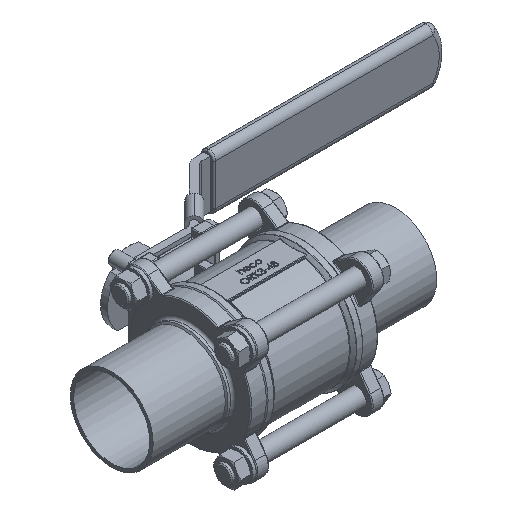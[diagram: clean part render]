
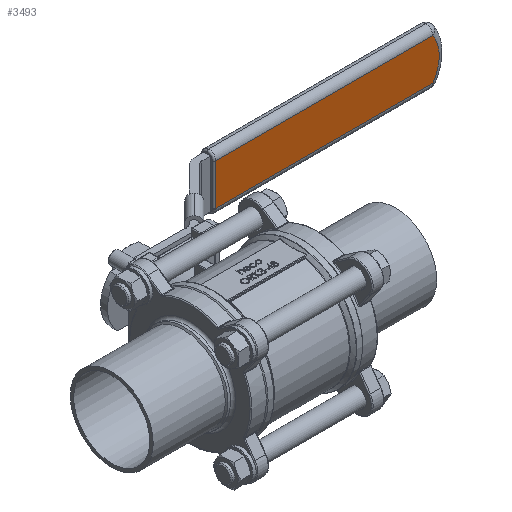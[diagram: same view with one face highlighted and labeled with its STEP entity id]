
A CAD part, isometric view. The second image highlights one B-rep face of the part: STEP entity #3493.
In plain terms, the highlighted planar face has unit normal (0, -1, 0).
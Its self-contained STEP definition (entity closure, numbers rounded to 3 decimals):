
#3493 = ADVANCED_FACE ( 'NONE', ( #29133 ), #18982, .F. ) ;
#6194 = AXIS2_PLACEMENT_3D ( 'NONE', #11825, #11827, #11829 ) ;
#11825 = CARTESIAN_POINT ( 'NONE',  ( 175., 88., 0. ) ) ;
#11827 = DIRECTION ( 'NONE',  ( 0., -1., 0. ) ) ;
#11829 = DIRECTION ( 'NONE',  ( -1., 0., 0. ) ) ;
#12151 = CARTESIAN_POINT ( 'NONE',  ( 200., 88., -12. ) ) ;
#12152 = DIRECTION ( 'NONE',  ( 1., 0., 0. ) ) ;
#13528 = VECTOR ( 'NONE', #21787, 1000. ) ;
#13530 = LINE ( 'NONE', #21785, #13528 ) ;
#18982 = PLANE ( 'NONE',  #52395 ) ;
#18983 = CARTESIAN_POINT ( 'NONE',  ( 200., 88., 16. ) ) ;
#18984 = DIRECTION ( 'NONE',  ( 0., 1., 0. ) ) ;
#18985 = DIRECTION ( 'NONE',  ( -1., 0., 0. ) ) ;
#21785 = CARTESIAN_POINT ( 'NONE',  ( 65.971, 88., 16. ) ) ;
#21787 = DIRECTION ( 'NONE',  ( 0., 0., -1. ) ) ;
#23090 = CARTESIAN_POINT ( 'NONE',  ( 192.234, 88., 12. ) ) ;
#23285 = CARTESIAN_POINT ( 'NONE',  ( 192.234, 88., -12. ) ) ;
#23670 = CARTESIAN_POINT ( 'NONE',  ( 65.971, 88., -12. ) ) ;
#23675 = CARTESIAN_POINT ( 'NONE',  ( 65.971, 88., 12. ) ) ;
#25064 = LINE ( 'NONE', #53436, #25068 ) ;
#25068 = VECTOR ( 'NONE', #54192, 1000. ) ;
#29133 = FACE_OUTER_BOUND ( 'NONE', #47053, .T. ) ;
#32843 = EDGE_CURVE ( 'NONE', #49348, #48914, #37332, .T. ) ;
#32891 = EDGE_CURVE ( 'NONE', #38701, #49348, #37220, .T. ) ;
#33232 = EDGE_CURVE ( 'NONE', #48914, #38707, #25064, .T. ) ;
#33491 = EDGE_CURVE ( 'NONE', #38707, #38701, #13530, .T. ) ;
#37219 = VECTOR ( 'NONE', #12152, 1000. ) ;
#37220 = LINE ( 'NONE', #12151, #37219 ) ;
#37332 = CIRCLE ( 'NONE', #6194, 21. ) ;
#38701 = VERTEX_POINT ( 'NONE', #23670 ) ;
#38707 = VERTEX_POINT ( 'NONE', #23675 ) ;
#47053 = EDGE_LOOP ( 'NONE', ( #47324, #47316, #47288, #47323 ) ) ;
#47288 = ORIENTED_EDGE ( 'NONE', *, *, #32891, .T. ) ;
#47316 = ORIENTED_EDGE ( 'NONE', *, *, #33491, .T. ) ;
#47323 = ORIENTED_EDGE ( 'NONE', *, *, #32843, .T. ) ;
#47324 = ORIENTED_EDGE ( 'NONE', *, *, #33232, .T. ) ;
#48914 = VERTEX_POINT ( 'NONE', #23090 ) ;
#49348 = VERTEX_POINT ( 'NONE', #23285 ) ;
#52395 = AXIS2_PLACEMENT_3D ( 'NONE', #18983, #18984, #18985 ) ;
#53436 = CARTESIAN_POINT ( 'NONE',  ( 64.971, 88., 12. ) ) ;
#54192 = DIRECTION ( 'NONE',  ( -1., 0., 0. ) ) ;

····················

__Description of the task__.
Look through the data above. Each line containing the word "DIRECTION" needs to be copied.

__Task result__.
#11827 = DIRECTION ( 'NONE',  ( 0., -1., 0. ) ) ;
#11829 = DIRECTION ( 'NONE',  ( -1., 0., 0. ) ) ;
#12152 = DIRECTION ( 'NONE',  ( 1., 0., 0. ) ) ;
#18984 = DIRECTION ( 'NONE',  ( 0., 1., 0. ) ) ;
#18985 = DIRECTION ( 'NONE',  ( -1., 0., 0. ) ) ;
#21787 = DIRECTION ( 'NONE',  ( 0., 0., -1. ) ) ;
#54192 = DIRECTION ( 'NONE',  ( -1., 0., 0. ) ) ;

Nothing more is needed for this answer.